Merely looking up the definition of obituary in the dictionary gave me pause:

1. a notice of a death, especially in a newspaper, typically including a brief biography of the deceased person.

Similar words to "obituary" in the dictionary are eulogy (a speech or piece of writing that praises someone or something highly, typically someone who has just died), necrology (an obituary notice, a list of deaths), death notice, and necrologue (a published announcement of a death, usually with a short biography of the dead person).

Alas, I kept this unpleasant task on my to-do list, regardless of how disconcerting the idea of undertaking it was to me. When it finally came up in my rotation, I did an internet search with the words "obituary form". I looked at a few and eventually found something that had most of what I wanted. After some brainstorming with relatives, we were able to cull the form contents to what we thought were the best things to include. Once completed, the blank form was hardly more than a single page long.

Still, I was having trouble getting started for the same reasons as before. Filling out an obituary form for myself and family members still living was the height of "not fun". Additionally, I would have to broach the subject with my parents, and that seemed disturbing as well. "Look what I have here, Mom and Dad! Your death notices, all ready to publish!" No, that was even worse than simply doing it on my own and tactfully asking them questions I needed answers to in order to complete the form. While I was hemming and hawing about setting a date to do this work, it occurred to me that maybe I was going about the process all wrong.

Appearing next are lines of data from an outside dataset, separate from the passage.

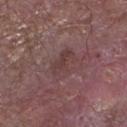Q: Is there a histopathology result?
A: imaged on a skin check; not biopsied
Q: Patient demographics?
A: male, aged 78–82
Q: What is the anatomic site?
A: the left lower leg
Q: How was the tile lit?
A: white-light
Q: What is the imaging modality?
A: total-body-photography crop, ~15 mm field of view
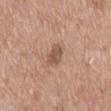Clinical impression:
No biopsy was performed on this lesion — it was imaged during a full skin examination and was not determined to be concerning.
Image and clinical context:
The patient is a male aged approximately 60. This is a white-light tile. Located on the back. The total-body-photography lesion software estimated an eccentricity of roughly 0.75 and two-axis asymmetry of about 0.2. And it measured a within-lesion color-variation index near 2/10 and peripheral color asymmetry of about 0.5. The analysis additionally found a lesion-detection confidence of about 100/100. A 15 mm crop from a total-body photograph taken for skin-cancer surveillance.
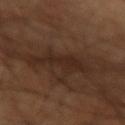| feature | finding |
|---|---|
| workup | no biopsy performed (imaged during a skin exam) |
| tile lighting | cross-polarized illumination |
| body site | the left forearm |
| imaging modality | ~15 mm crop, total-body skin-cancer survey |
| patient | male, about 60 years old |
| automated metrics | an automated nevus-likeness rating near 5 out of 100 and a detector confidence of about 85 out of 100 that the crop contains a lesion |
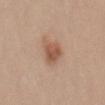workup: no biopsy performed (imaged during a skin exam); imaging modality: total-body-photography crop, ~15 mm field of view; automated metrics: a nevus-likeness score of about 95/100 and a lesion-detection confidence of about 100/100; diameter: ≈4 mm; site: the mid back; patient: female, in their mid-20s; tile lighting: white-light illumination.
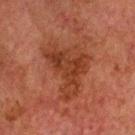workup — imaged on a skin check; not biopsied | lighting — cross-polarized illumination | subject — male, roughly 60 years of age | image — 15 mm crop, total-body photography | location — the head or neck | lesion size — ~7.5 mm (longest diameter) | image-analysis metrics — a lesion area of about 21 mm², an eccentricity of roughly 0.8, and a symmetry-axis asymmetry near 0.6; an average lesion color of about L≈29 a*≈22 b*≈27 (CIELAB), a lesion–skin lightness drop of about 7, and a normalized border contrast of about 7; border irregularity of about 7.5 on a 0–10 scale and internal color variation of about 4 on a 0–10 scale.
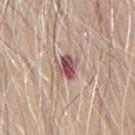biopsy status — catalogued during a skin exam; not biopsied | image source — ~15 mm tile from a whole-body skin photo | patient — male, aged approximately 65 | site — the mid back | automated lesion analysis — a mean CIELAB color near L≈54 a*≈22 b*≈21, about 14 CIELAB-L* units darker than the surrounding skin, and a lesion-to-skin contrast of about 10 (normalized; higher = more distinct); a border-irregularity index near 3.5/10, a color-variation rating of about 9/10, and radial color variation of about 3; a nevus-likeness score of about 0/100 and lesion-presence confidence of about 100/100 | lighting — white-light illumination | lesion diameter — ≈3.5 mm.
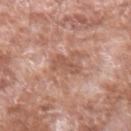| feature | finding |
|---|---|
| workup | no biopsy performed (imaged during a skin exam) |
| diameter | about 3.5 mm |
| subject | male, approximately 60 years of age |
| lighting | white-light |
| acquisition | ~15 mm crop, total-body skin-cancer survey |
| automated metrics | a footprint of about 5 mm², an eccentricity of roughly 0.85, and a shape-asymmetry score of about 0.3 (0 = symmetric); a within-lesion color-variation index near 1.5/10 and peripheral color asymmetry of about 0.5; a detector confidence of about 100 out of 100 that the crop contains a lesion |
| location | the left forearm |
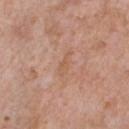This lesion was catalogued during total-body skin photography and was not selected for biopsy. Located on the chest. A 15 mm crop from a total-body photograph taken for skin-cancer surveillance. Approximately 3.5 mm at its widest. The patient is a male approximately 60 years of age.
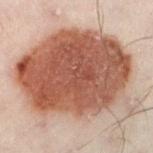A male subject, in their 50s. From the left lower leg. The tile uses cross-polarized illumination. Automated image analysis of the tile measured a lesion area of about 90 mm², an eccentricity of roughly 0.7, and a symmetry-axis asymmetry near 0.2. The analysis additionally found an automated nevus-likeness rating near 100 out of 100. Longest diameter approximately 13.5 mm. A region of skin cropped from a whole-body photographic capture, roughly 15 mm wide.
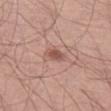<lesion>
<biopsy_status>not biopsied; imaged during a skin examination</biopsy_status>
<site>leg</site>
<image>
  <source>total-body photography crop</source>
  <field_of_view_mm>15</field_of_view_mm>
</image>
<patient>
  <sex>male</sex>
  <age_approx>70</age_approx>
</patient>
</lesion>

The day came for me to sit down and fill out the form. Instead of labeling each individual's form an "Obituary" or "Death Details", I called it a "Details of Life" form. My perspective immediately changed with the revision that made all the difference. Yes, there was a whole lot of genealogy stuff that did bog me down, though I'd done a lot of work in that regard in years past. None of it was particularly organized, so locating and locking down specifics with accurate information was a bit of a trek. But even that was kind of fun as I learned and re-learned new things about the family.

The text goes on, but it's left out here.